In this part, I will introduce how to fine-tune a GPT2 model with instructions, which can make the model follow instructions.
A pre-trained model can complete a sentence, but it cannot reliably follow human instructions. For example, I use this as the input of a 355M GPT2 model:
What is the capital of China?
and the model generated:
What is the capital of China? For this question is a bit ridiculous. You can find more information about the capital of China on the Wikipedia page here but I would be a bit more skeptical. So I have to add capital to it. So what? It does not help to answer ...
The generated text does not answer the question. The expected answer is something like:
The capital of China is Beijing.
In order to make the model follow instructions, we need to use instruction fine-tuning.
We use Alpaca prompt style for training, given an instruction-answer pair:
{
"instruction": "Edit the following sentence for grammar.",
"input": "He go to the park every day.",
"output": "He goes to the park every day."
},
Alpaca converts it to:
Below is an instruction that describes a task. Write a response that appropriately completes the request.
### Instruction:
Edit the following sentence for grammar.
### Input:
He go to the park every day.
### Response:
He goes to the park every day.
We use the same training function just like part III. The difference is that we use instruction sets instead of cutting out chunks from long text.
Instructions vary in length. We need to pad them to make them a batch.
For example: If the instruction batch is:
[
[a, b, c],
[d, e],
]
after padding it becomes this:
inputs:
[
[a, b, c],
[d, e, 50256],
]
targets:
[
[b, c, 50256],
[e, 50256, -100],
]
where inputs and targets are used to calculate the cross-entropy loss. For instructions that are shorter than maximum instruction length, we pad with 50256 to create inputs.
Targets are created by shifting instructions to the left by one token, then pad with 50256 and fill the tokens after the first 50256 with -100. Tokens with id equal to -100 will be ignored in the calculation of cross-entropy loss.
The following code shows how this process is done.
def custom_collate_fn(
batch, # [batch_size]
pad_token_id=50256, # end of sequence id
ignore_index=-100, # token with this id will be ignored by cross-entropy loss function
allowed_max_len=None,
device="cuda",
):
batch_max_len = max(len(item) + 1 for item in batch)
input_lst, target_lst = [], []
for item in batch:
new_item = item.copy()
new_item.append(pad_token_id)
padded = new_item + [pad_token_id] * (batch_max_len - len(new_item))
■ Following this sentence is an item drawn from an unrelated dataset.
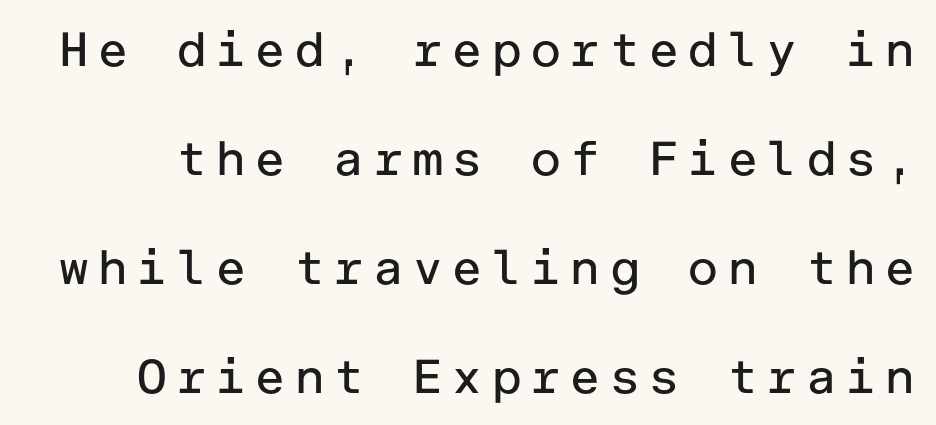
The image shows 48 px regular-weight sans-serif type, upright; set loose line spacing (2.27x), not underlined; low stroke contrast and a medium x-height.

# same as part II, we want to minimize the cross-entropy loss of model predictions and targets
inputs = torch.tensor(padded[:-1])
targets = torch.tensor(padded[1:])
mask = targets == pad_token_id
indices = torch.nonzero(mask).squeeze()
if indices.numel() > 1:
# fill all padding tokens with ignore_index except the first one
targets[indices[1:]] = ignore_index
if allowed_max_len is not None:
inputs = inputs[:allowed_max_len]
targets = targets[:allowed_max_len]
input_lst.append(inputs)
target_lst.append(targets)
inputs_tensor = torch.stack(input_lst).to(device) # [batch_size,batch_max_len-1]
targets_tensor = torch.stack(target_lst).to(device)
return inputs_tensor, targets_tensor
The training is based on a pre-trained 355M-parameter GPT2 model, apart from data preparation, everything is same as in part II.
Here are some fine-tuned model generated results:
### Instruction:
Classify the following statement into one of these labels: [positive, negative, neutral]
### Input:
My computer crashed.
### Response:
Negative
Negative
### Instruction:
Provide a synonym for 'clever.'
### Response:
A synonym for 'clever' is 'start.'
### Instruction:
What is the capital of India?
### Response:
The capital of India is Tokyo.
Considering the dataset I used and relatively small number of model parameters, these results are good enough to illustrate how to make models follow instructions. Maybe the synonym of clever is start from some philosophical perspectives.